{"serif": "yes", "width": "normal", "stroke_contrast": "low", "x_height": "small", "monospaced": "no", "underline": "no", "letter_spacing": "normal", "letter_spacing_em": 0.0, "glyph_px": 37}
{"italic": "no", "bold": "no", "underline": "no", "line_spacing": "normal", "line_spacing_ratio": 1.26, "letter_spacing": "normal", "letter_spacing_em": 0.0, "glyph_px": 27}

* * *

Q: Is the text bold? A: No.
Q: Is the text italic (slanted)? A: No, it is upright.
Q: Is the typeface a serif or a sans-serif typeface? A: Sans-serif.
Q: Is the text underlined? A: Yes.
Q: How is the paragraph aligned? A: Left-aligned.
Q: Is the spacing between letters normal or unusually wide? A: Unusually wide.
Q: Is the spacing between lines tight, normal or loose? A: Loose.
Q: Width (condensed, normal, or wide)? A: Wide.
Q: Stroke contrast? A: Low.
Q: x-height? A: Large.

Work item
Starting with the line with "Q: How is the" above and going on through the line with "Q: x-height? A: Large.", transcribe every line exactly, both ends included, and add nothing.

Written response
Q: How is the paragraph aligned? A: Left-aligned.
Q: Is the spacing between letters normal or unusually wide? A: Unusually wide.
Q: Is the spacing between lines tight, normal or loose? A: Loose.
Q: Width (condensed, normal, or wide)? A: Wide.
Q: Stroke contrast? A: Low.
Q: x-height? A: Large.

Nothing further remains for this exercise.